[Stored items from a collection]
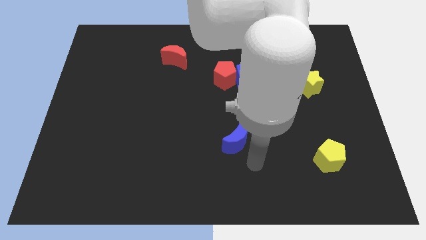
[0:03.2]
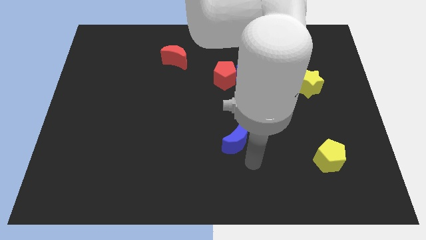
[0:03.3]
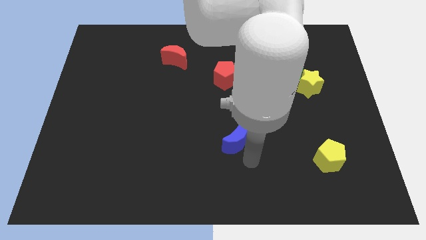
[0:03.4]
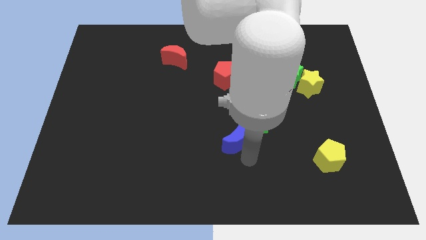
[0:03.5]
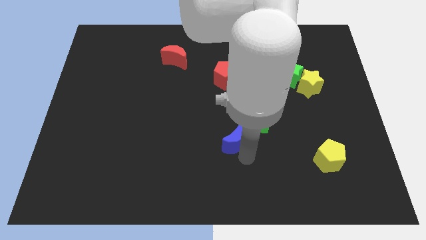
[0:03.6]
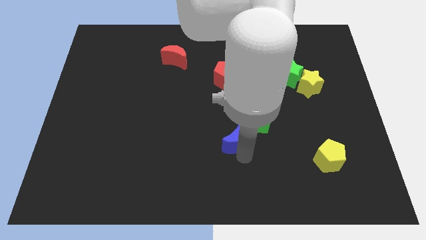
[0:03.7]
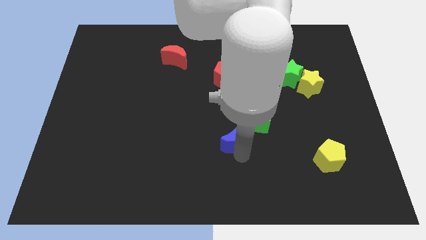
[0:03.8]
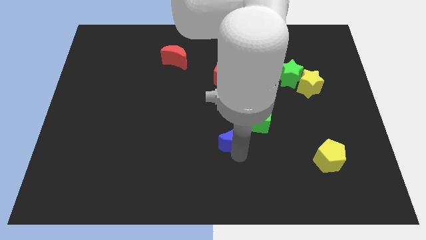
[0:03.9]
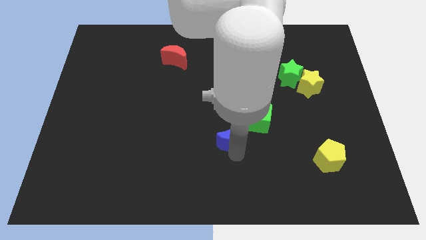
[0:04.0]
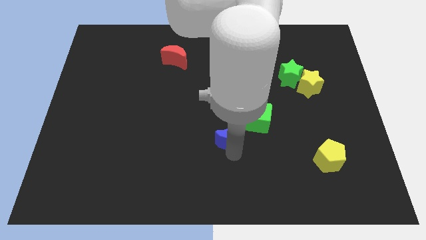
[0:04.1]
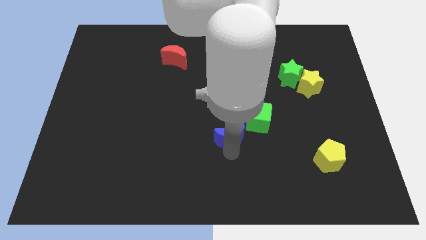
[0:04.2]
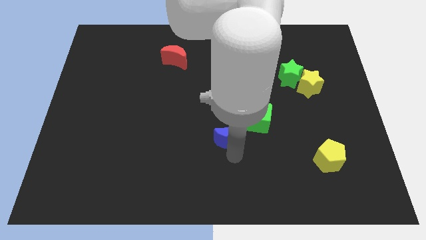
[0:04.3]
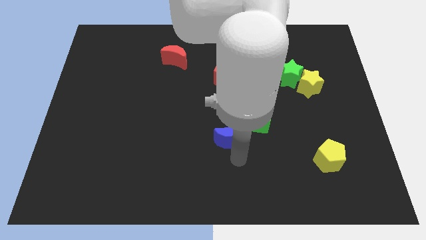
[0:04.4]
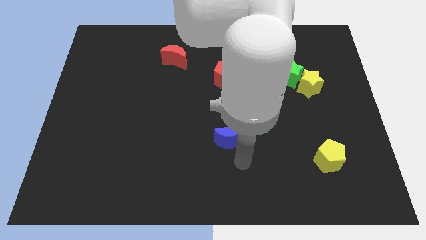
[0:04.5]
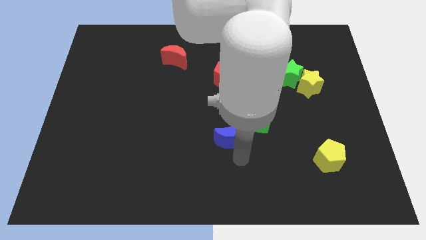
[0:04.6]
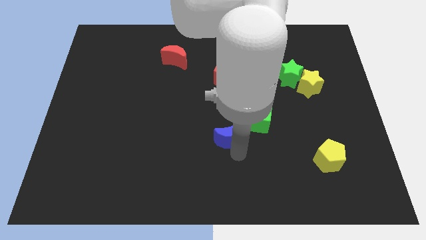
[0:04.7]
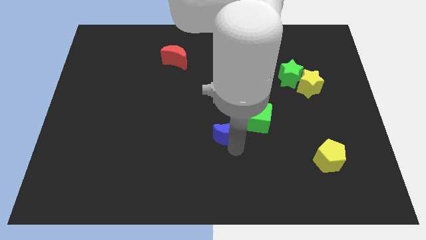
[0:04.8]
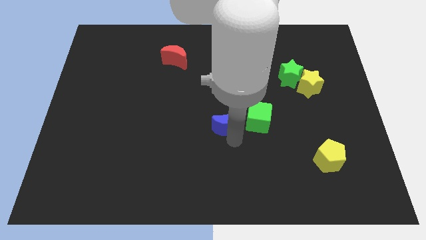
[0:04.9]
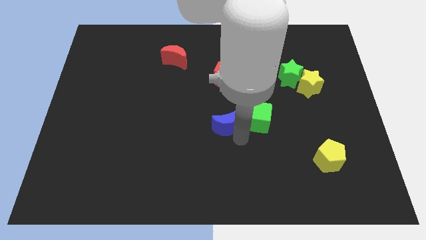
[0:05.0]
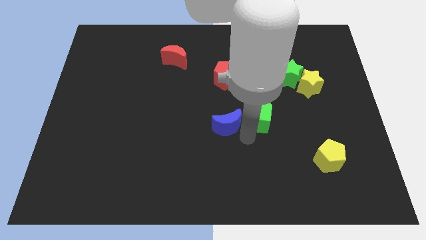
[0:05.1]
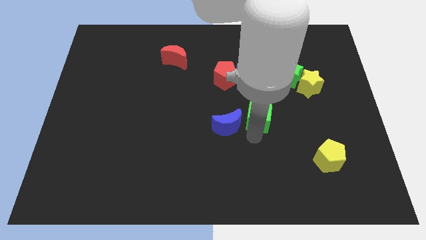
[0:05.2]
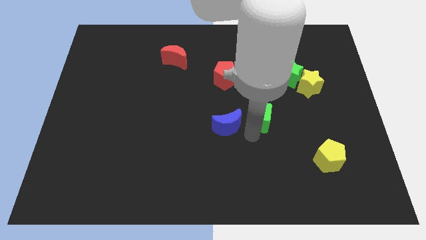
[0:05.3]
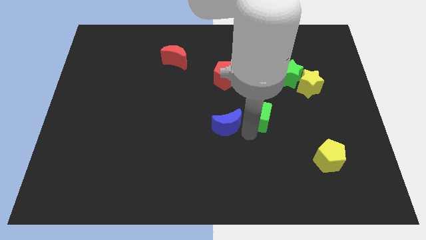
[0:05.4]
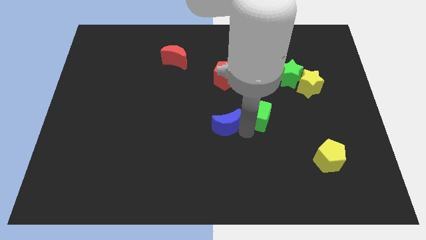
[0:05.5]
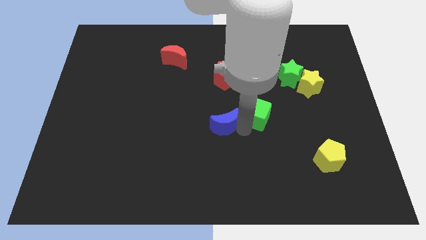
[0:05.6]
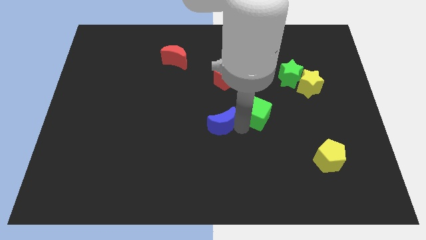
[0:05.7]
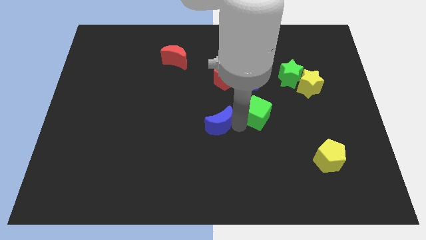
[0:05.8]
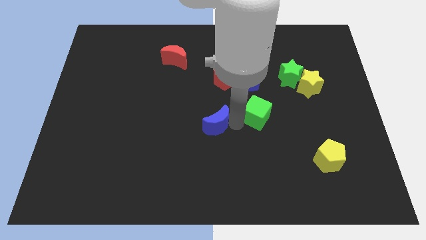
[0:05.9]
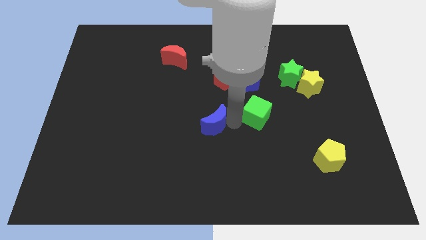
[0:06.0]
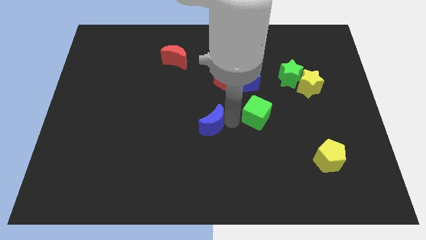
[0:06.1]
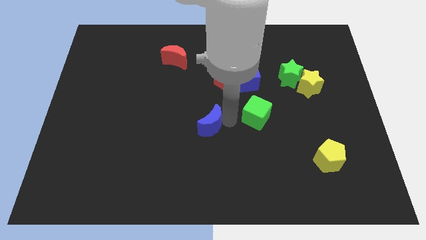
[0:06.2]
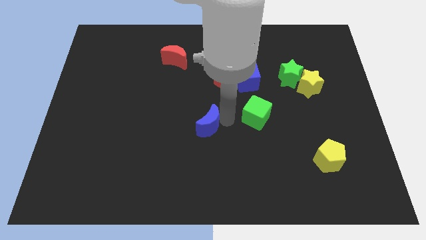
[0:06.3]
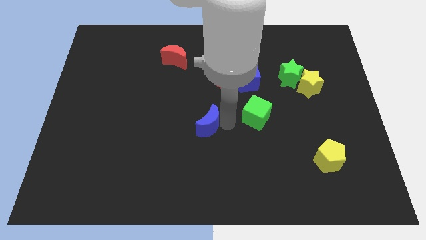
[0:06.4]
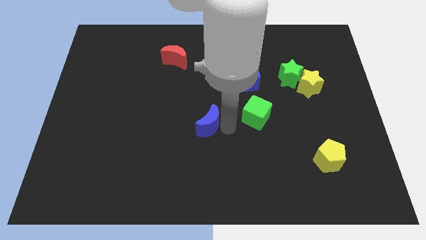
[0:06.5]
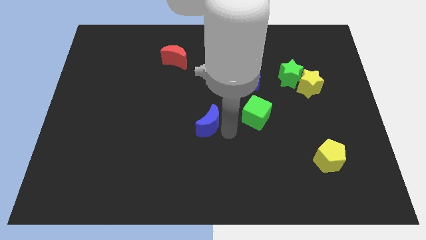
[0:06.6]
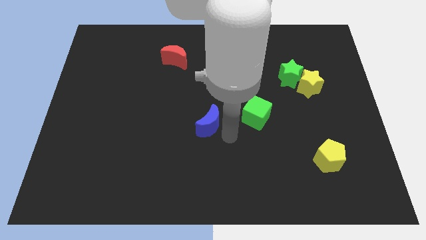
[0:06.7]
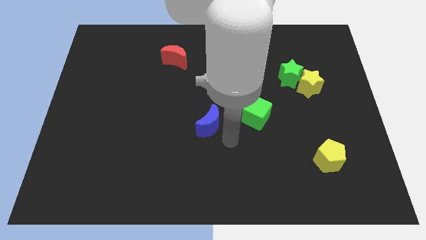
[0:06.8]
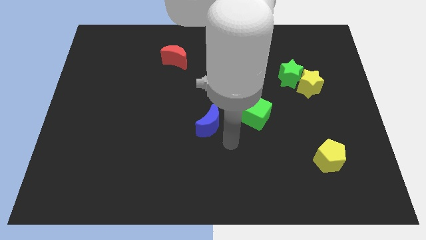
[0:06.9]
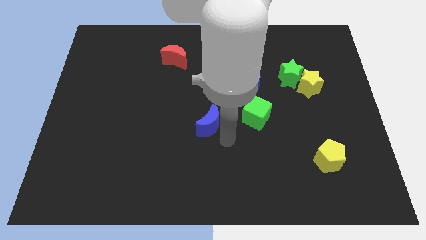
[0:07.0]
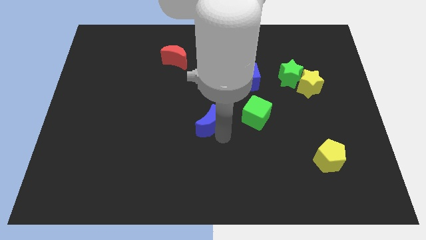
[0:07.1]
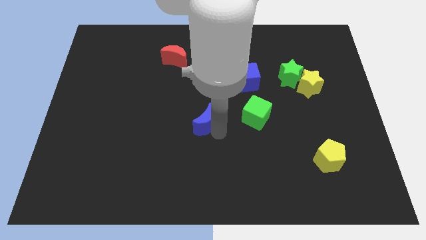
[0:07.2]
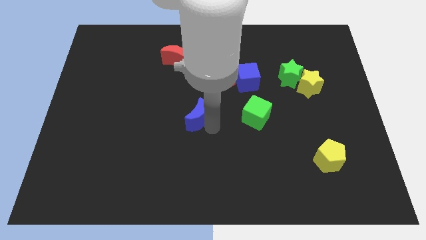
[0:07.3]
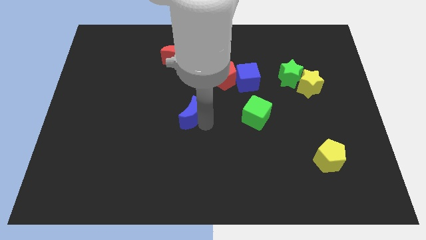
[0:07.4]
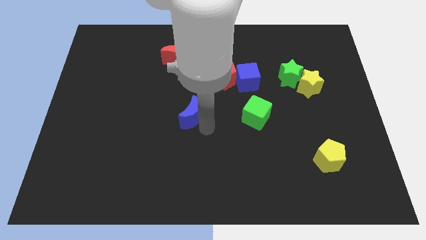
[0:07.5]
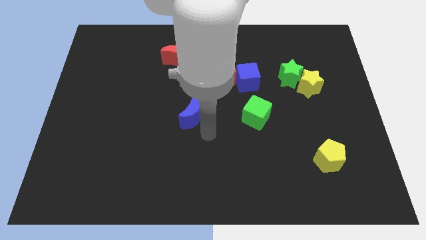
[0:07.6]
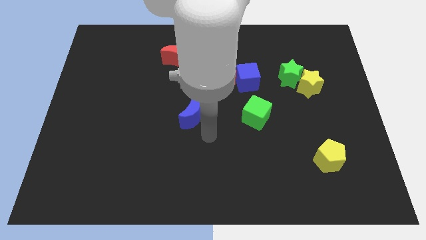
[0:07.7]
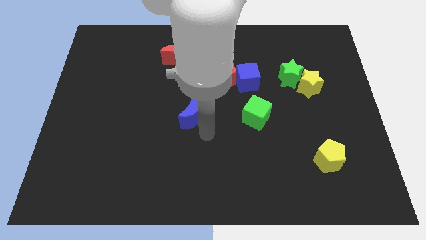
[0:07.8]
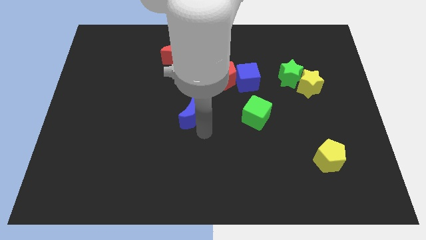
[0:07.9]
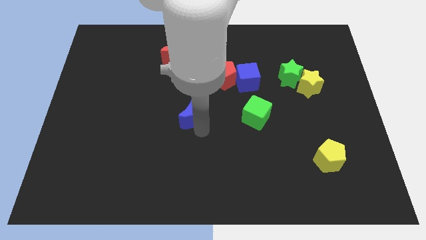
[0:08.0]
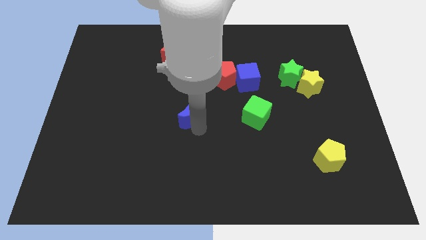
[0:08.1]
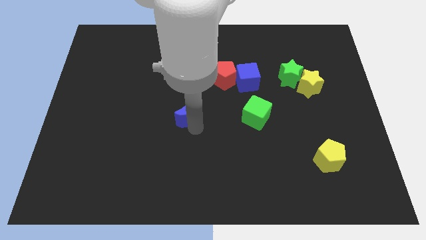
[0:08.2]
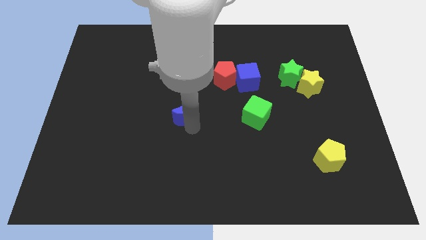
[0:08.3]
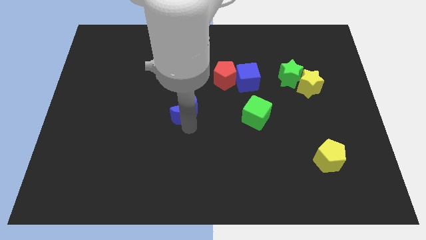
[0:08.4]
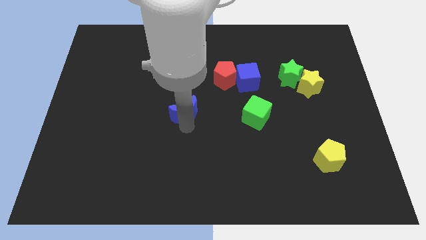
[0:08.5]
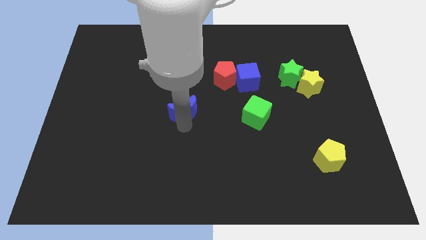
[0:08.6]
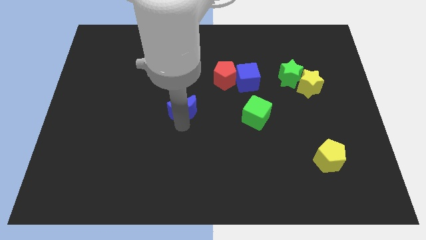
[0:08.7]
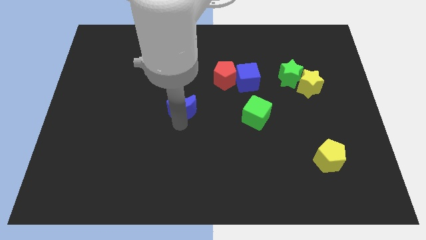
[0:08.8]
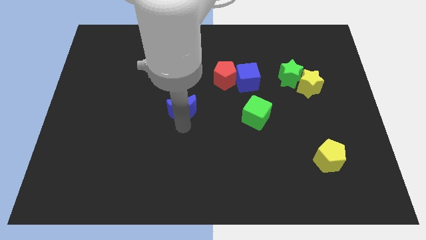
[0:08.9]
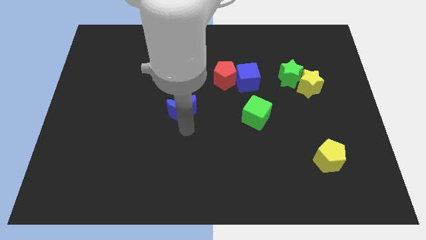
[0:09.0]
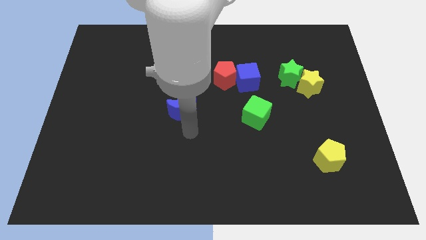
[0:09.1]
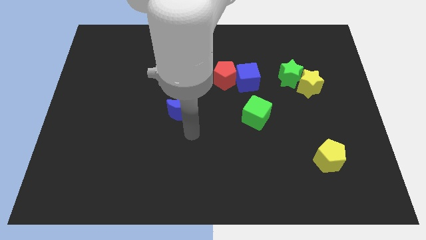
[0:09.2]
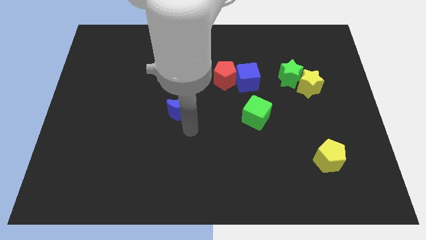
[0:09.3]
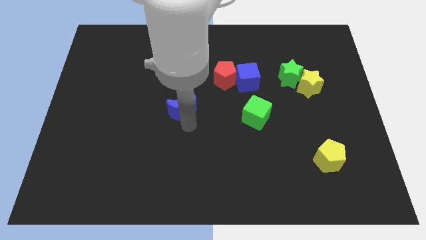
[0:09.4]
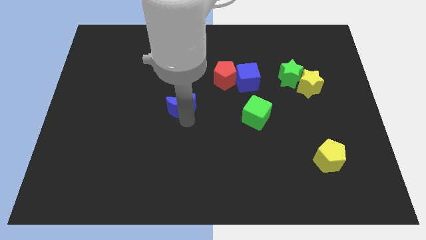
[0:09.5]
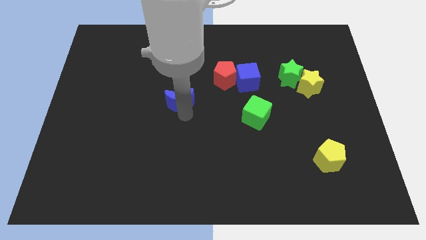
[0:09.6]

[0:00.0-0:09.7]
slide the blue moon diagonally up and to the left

▶ **What the task asks**
Take the entries above and set them down exactly, minus the pictures.

▶ **Answer to the problem**
[0:03.2]
[0:03.3]
[0:03.4]
[0:03.5]
[0:03.6]
[0:03.7]
[0:03.8]
[0:03.9]
[0:04.0]
[0:04.1]
[0:04.2]
[0:04.3]
[0:04.4]
[0:04.5]
[0:04.6]
[0:04.7]
[0:04.8]
[0:04.9]
[0:05.0]
[0:05.1]
[0:05.2]
[0:05.3]
[0:05.4]
[0:05.5]
[0:05.6]
[0:05.7]
[0:05.8]
[0:05.9]
[0:06.0]
[0:06.1]
[0:06.2]
[0:06.3]
[0:06.4]
[0:06.5]
[0:06.6]
[0:06.7]
[0:06.8]
[0:06.9]
[0:07.0]
[0:07.1]
[0:07.2]
[0:07.3]
[0:07.4]
[0:07.5]
[0:07.6]
[0:07.7]
[0:07.8]
[0:07.9]
[0:08.0]
[0:08.1]
[0:08.2]
[0:08.3]
[0:08.4]
[0:08.5]
[0:08.6]
[0:08.7]
[0:08.8]
[0:08.9]
[0:09.0]
[0:09.1]
[0:09.2]
[0:09.3]
[0:09.4]
[0:09.5]
[0:09.6]

[0:00.0-0:09.7]
slide the blue moon diagonally up and to the left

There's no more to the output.